▶ **Data excerpts**:
******
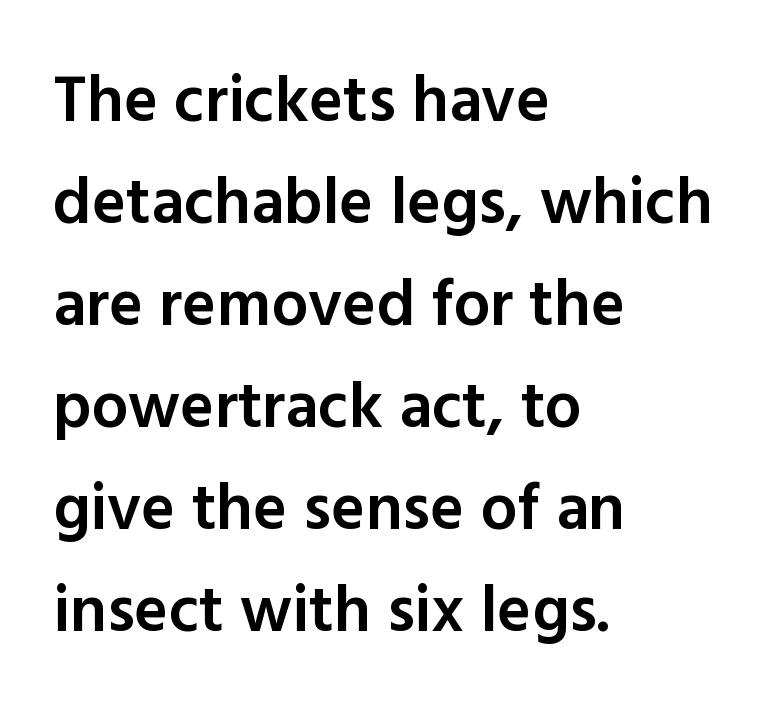
{"serif": "no", "italic": "no", "bold": "semi", "weight": "semibold", "width": "normal", "x_height": "medium", "monospaced": "no", "underline": "no", "align": "left", "line_spacing": "normal", "line_spacing_ratio": 1.57, "letter_spacing": "normal", "letter_spacing_em": 0.0, "glyph_px": 65}
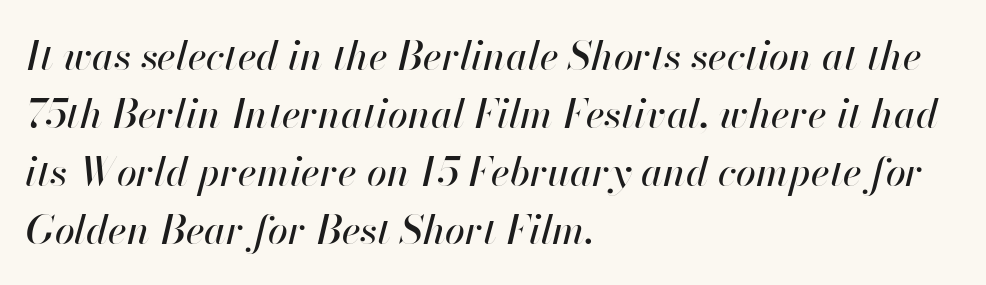
Lines of text with bare space underneath. Do the characters align in a grid? No, the font is proportional. Observe the lean: these are italic letterforms. The setting favours the left margin, as ordinary paragraphs usually do. Letter spacing: default.
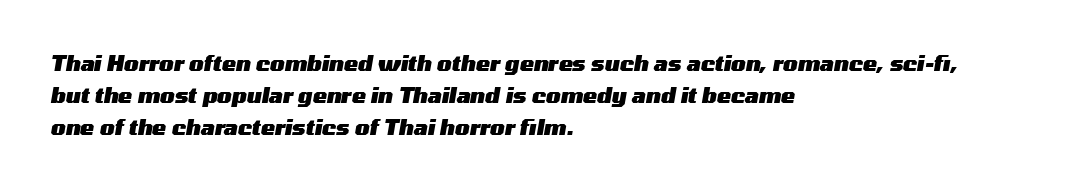
{"italic": "yes", "lean": "right", "slant_degrees": 10, "bold": "yes", "underline": "no", "align": "left", "line_spacing": "normal", "line_spacing_ratio": 1.53, "letter_spacing": "normal", "letter_spacing_em": 0.0, "glyph_px": 21}
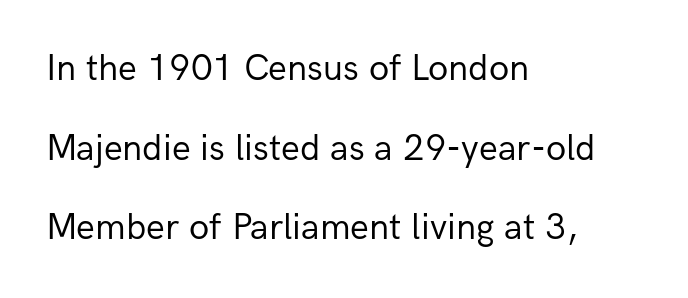
{"serif": "no", "italic": "no", "bold": "no", "weight": "regular", "width": "normal", "stroke_contrast": "low", "x_height": "medium", "monospaced": "no", "underline": "no", "align": "left", "line_spacing": "loose", "line_spacing_ratio": 2.15, "letter_spacing": "normal", "letter_spacing_em": 0.0, "glyph_px": 37}
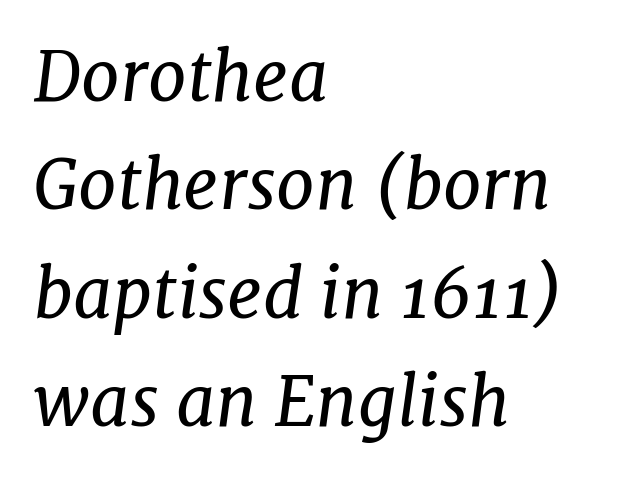
{"serif": "yes", "italic": "yes", "lean": "right", "slant_degrees": 7, "bold": "no", "weight": "regular", "width": "normal", "stroke_contrast": "low", "x_height": "medium", "monospaced": "no", "underline": "no", "align": "left", "line_spacing": "normal", "line_spacing_ratio": 1.57, "letter_spacing": "normal", "letter_spacing_em": 0.0, "glyph_px": 69}
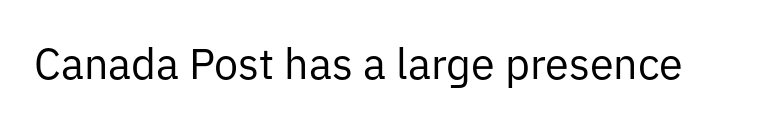
The image shows 43 px regular-weight sans-serif type, upright; set normal letter spacing, not underlined; low stroke contrast and a medium x-height.
******
▶ **Task to complete**: Reproduce the listing verbatim, pictures excluded.

▶ **Worked solution**:
{"serif": "no", "italic": "no", "bold": "semi", "weight": "semibold", "width": "normal", "x_height": "medium", "monospaced": "no", "underline": "no", "align": "left", "line_spacing": "normal", "line_spacing_ratio": 1.57, "letter_spacing": "normal", "letter_spacing_em": 0.0, "glyph_px": 65}
Lines of text with bare space underneath. Do the characters align in a grid? No, the font is proportional. Observe the lean: these are italic letterforms. The setting favours the left margin, as ordinary paragraphs usually do. Letter spacing: default.
{"italic": "yes", "lean": "right", "slant_degrees": 10, "bold": "yes", "underline": "no", "align": "left", "line_spacing": "normal", "line_spacing_ratio": 1.53, "letter_spacing": "normal", "letter_spacing_em": 0.0, "glyph_px": 21}
{"serif": "no", "italic": "no", "bold": "no", "weight": "regular", "width": "normal", "stroke_contrast": "low", "x_height": "medium", "monospaced": "no", "underline": "no", "align": "left", "line_spacing": "loose", "line_spacing_ratio": 2.15, "letter_spacing": "normal", "letter_spacing_em": 0.0, "glyph_px": 37}
{"serif": "yes", "italic": "yes", "lean": "right", "slant_degrees": 7, "bold": "no", "weight": "regular", "width": "normal", "stroke_contrast": "low", "x_height": "medium", "monospaced": "no", "underline": "no", "align": "left", "line_spacing": "normal", "line_spacing_ratio": 1.57, "letter_spacing": "normal", "letter_spacing_em": 0.0, "glyph_px": 69}
The image shows 43 px regular-weight sans-serif type, upright; set normal letter spacing, not underlined; low stroke contrast and a medium x-height.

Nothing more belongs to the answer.